START DATA

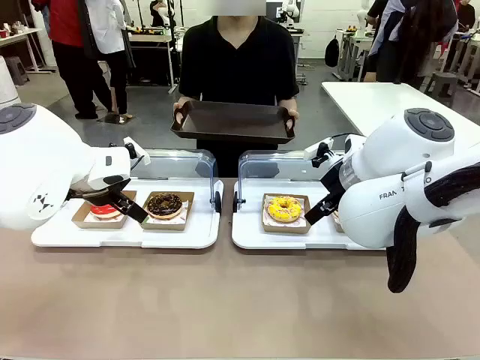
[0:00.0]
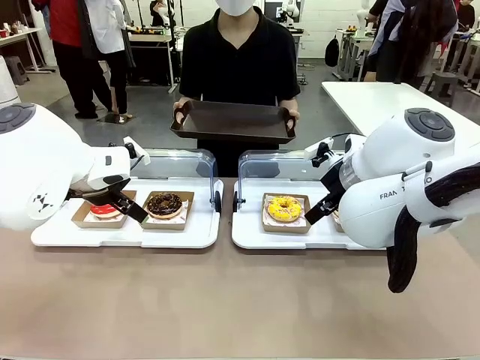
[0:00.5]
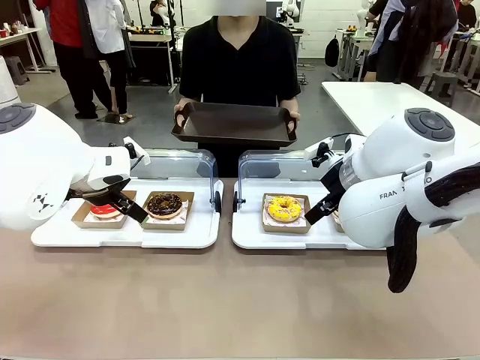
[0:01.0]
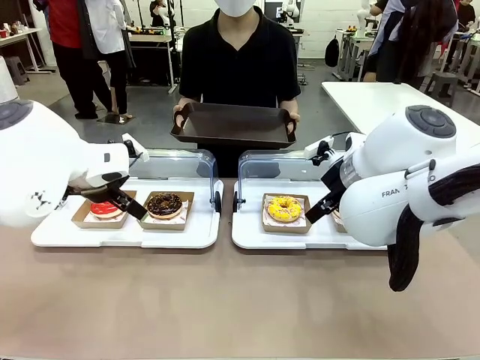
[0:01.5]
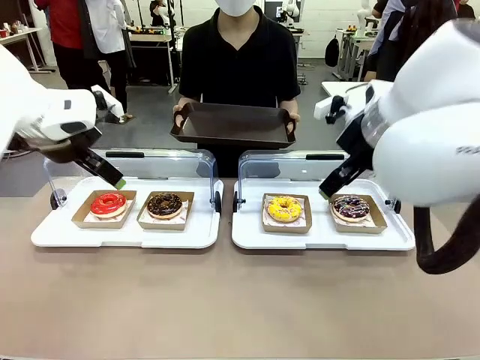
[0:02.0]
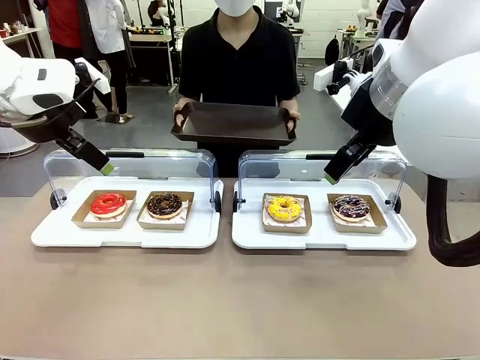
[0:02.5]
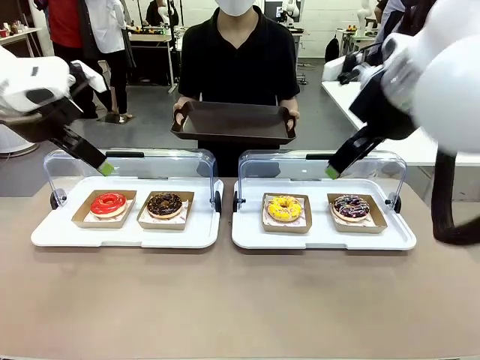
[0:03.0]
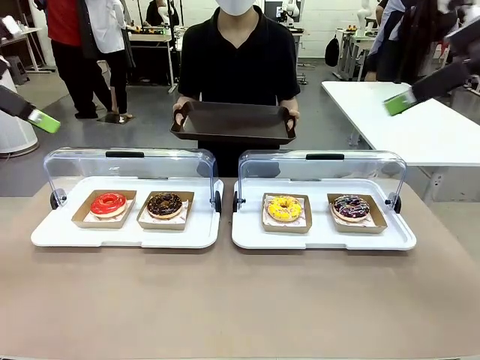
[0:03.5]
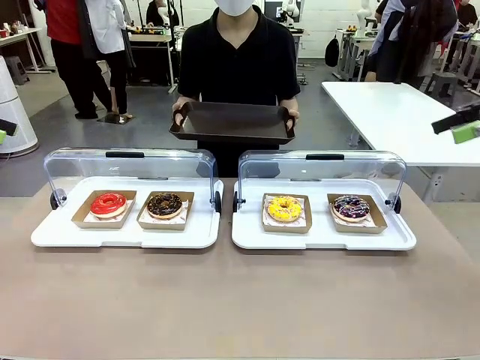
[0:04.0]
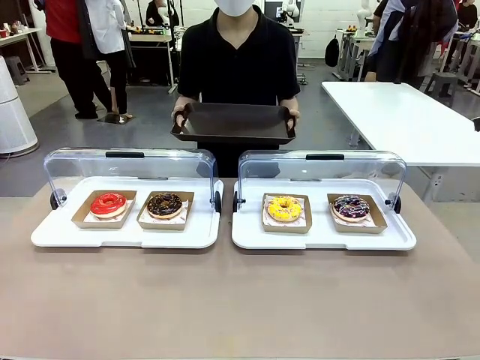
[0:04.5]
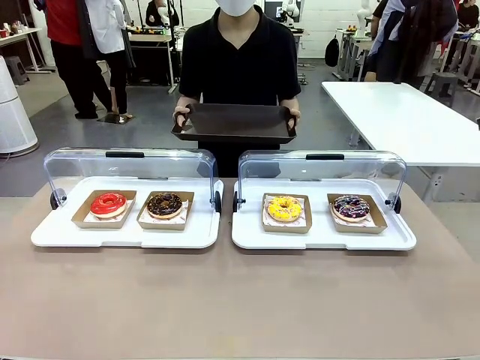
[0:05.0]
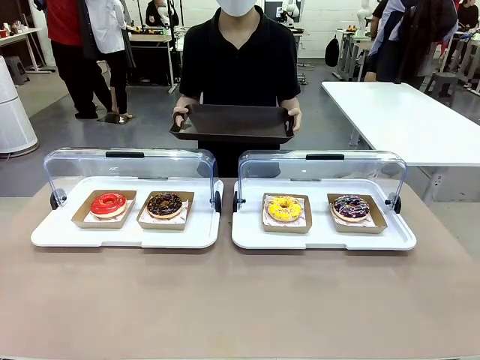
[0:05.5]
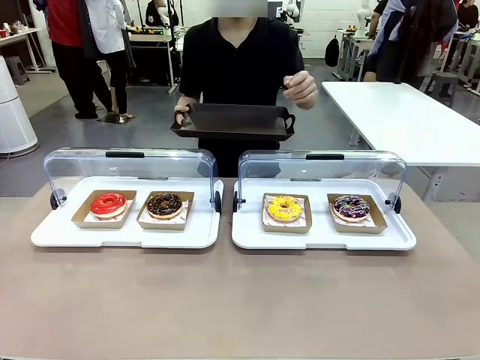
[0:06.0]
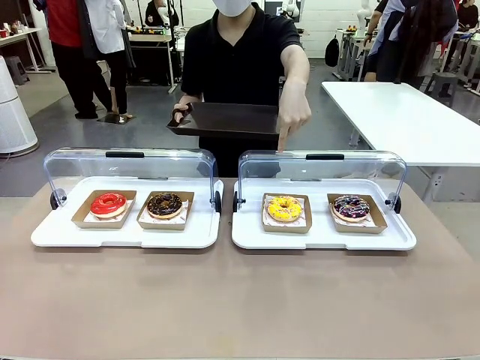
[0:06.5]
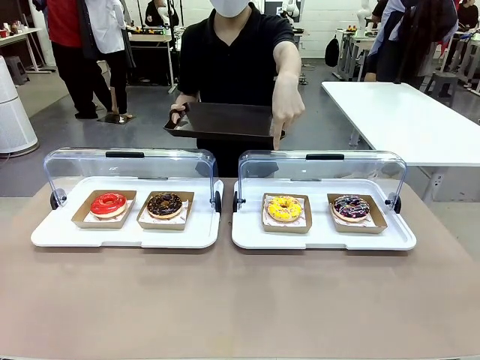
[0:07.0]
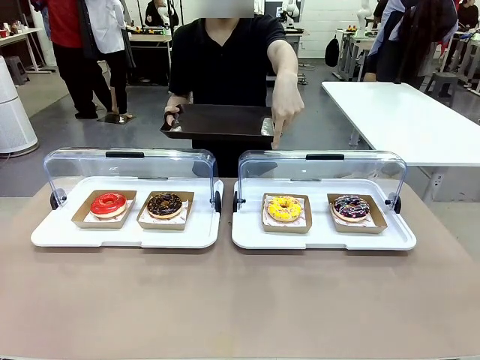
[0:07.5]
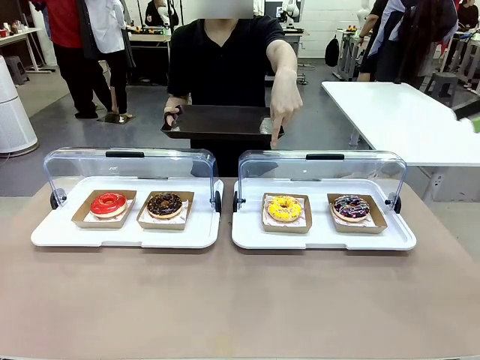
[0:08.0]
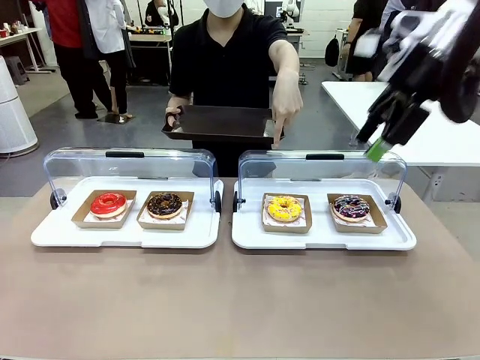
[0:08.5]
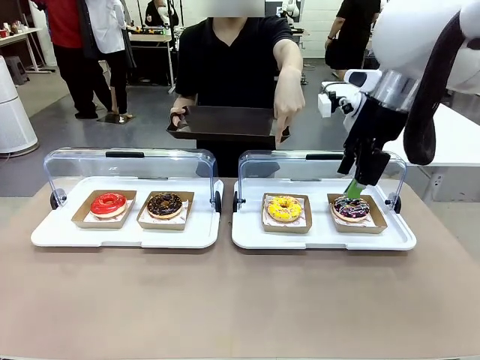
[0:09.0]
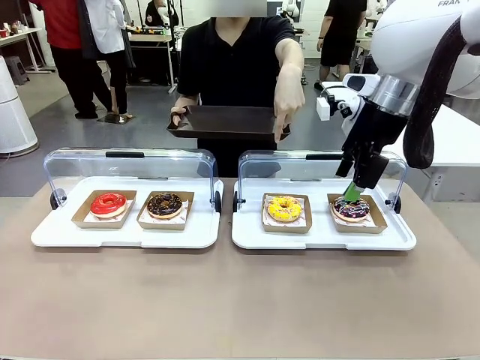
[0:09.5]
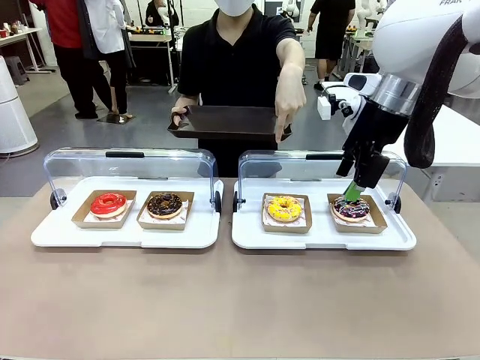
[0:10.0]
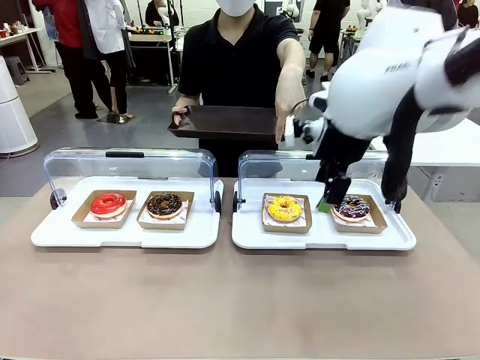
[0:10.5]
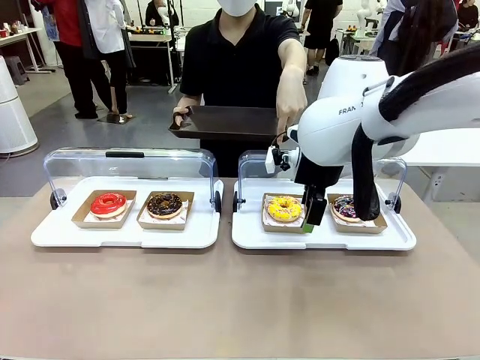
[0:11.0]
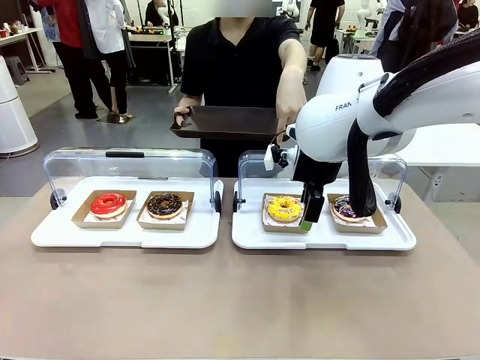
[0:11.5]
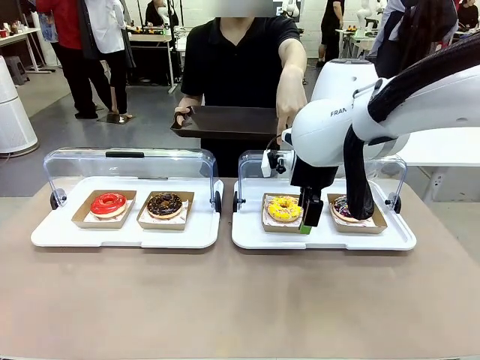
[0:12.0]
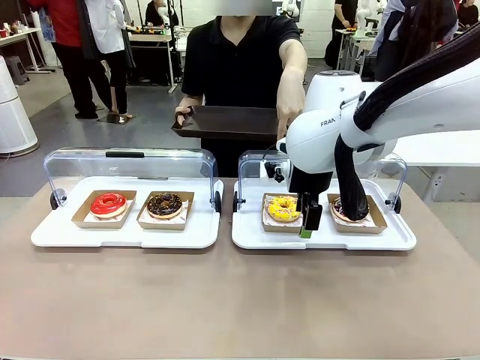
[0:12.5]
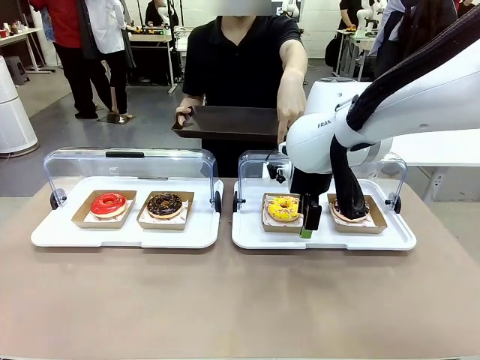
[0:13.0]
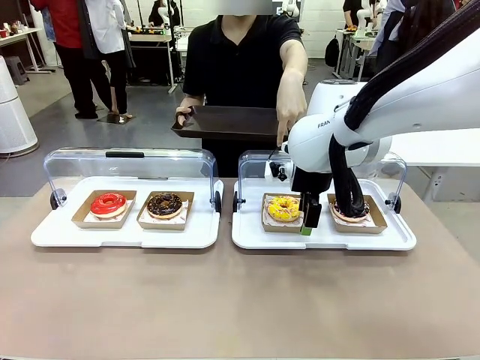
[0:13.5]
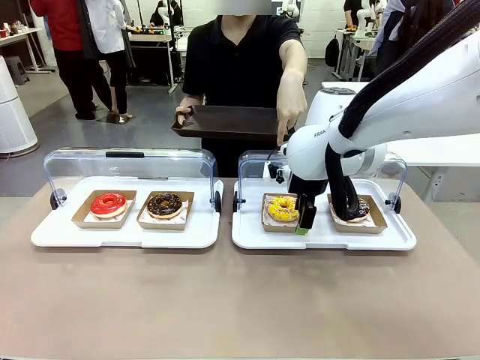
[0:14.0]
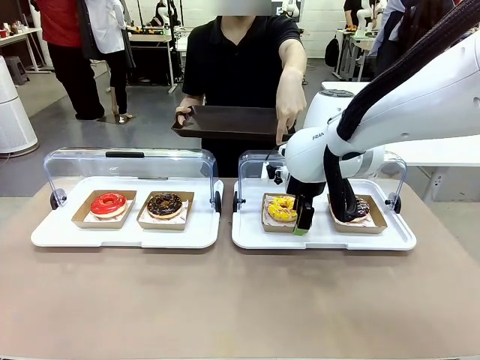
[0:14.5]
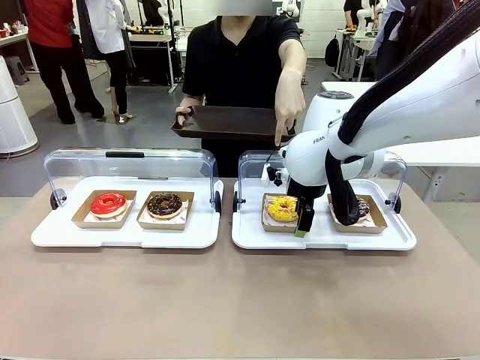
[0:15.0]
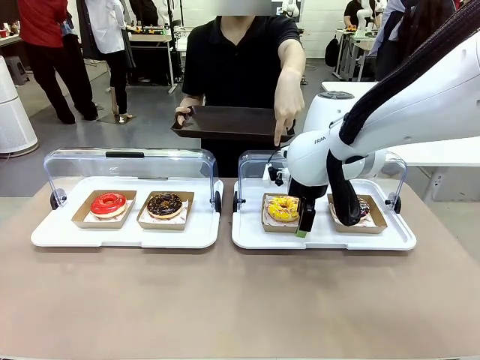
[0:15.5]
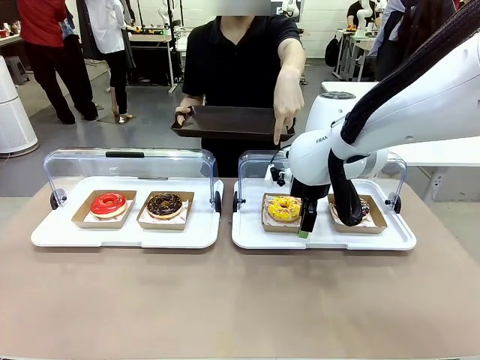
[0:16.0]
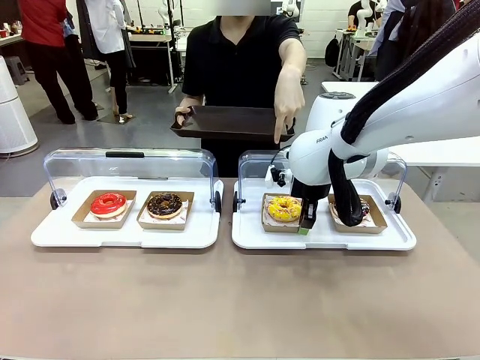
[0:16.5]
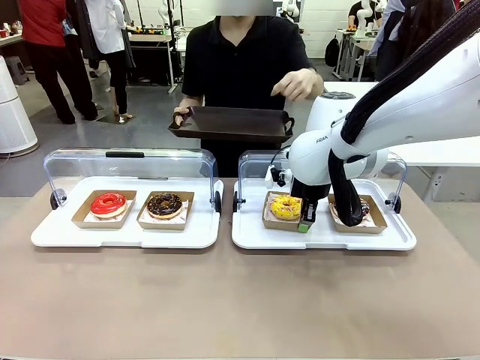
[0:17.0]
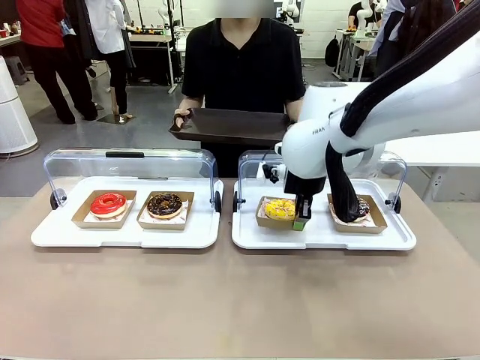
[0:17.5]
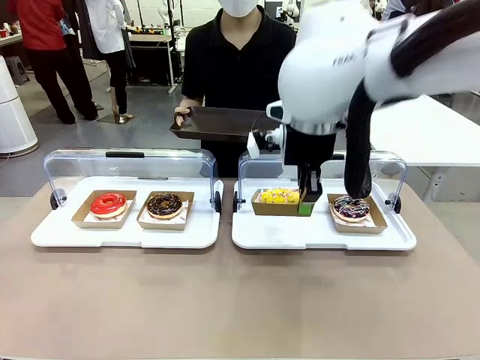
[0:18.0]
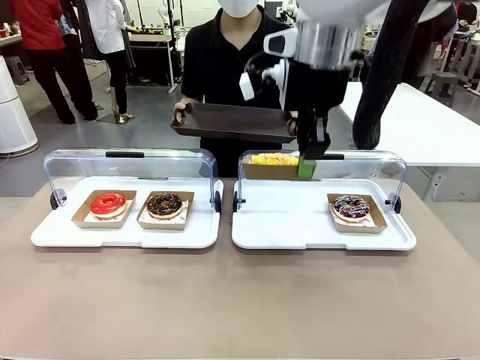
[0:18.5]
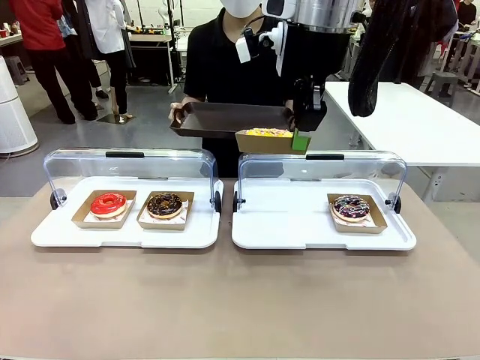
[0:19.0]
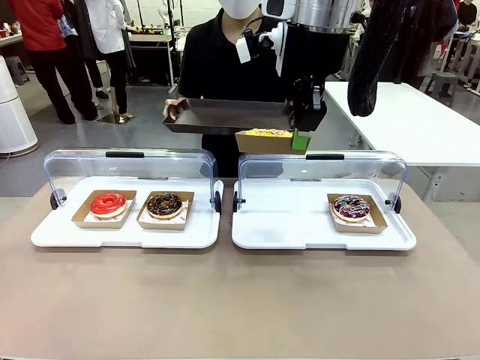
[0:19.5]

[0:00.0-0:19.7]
Task: Provide the desired donut to the person.
Robot: Pick up and lift the Paper togo box containing the Donut pointed at by the person.
Person: Point to one donut. Lift the tray onto the Roll-Top Bakery Case.

END DATA

### TASK TO CARRY OUT
Without the pictures, copy all of the entries exactly as they appear.

### THE COMPLETED TASK
[0:00.0]
[0:00.5]
[0:01.0]
[0:01.5]
[0:02.0]
[0:02.5]
[0:03.0]
[0:03.5]
[0:04.0]
[0:04.5]
[0:05.0]
[0:05.5]
[0:06.0]
[0:06.5]
[0:07.0]
[0:07.5]
[0:08.0]
[0:08.5]
[0:09.0]
[0:09.5]
[0:10.0]
[0:10.5]
[0:11.0]
[0:11.5]
[0:12.0]
[0:12.5]
[0:13.0]
[0:13.5]
[0:14.0]
[0:14.5]
[0:15.0]
[0:15.5]
[0:16.0]
[0:16.5]
[0:17.0]
[0:17.5]
[0:18.0]
[0:18.5]
[0:19.0]
[0:19.5]

[0:00.0-0:19.7]
Task: Provide the desired donut to the person.
Robot: Pick up and lift the Paper togo box containing the Donut pointed at by the person.
Person: Point to one donut. Lift the tray onto the Roll-Top Bakery Case.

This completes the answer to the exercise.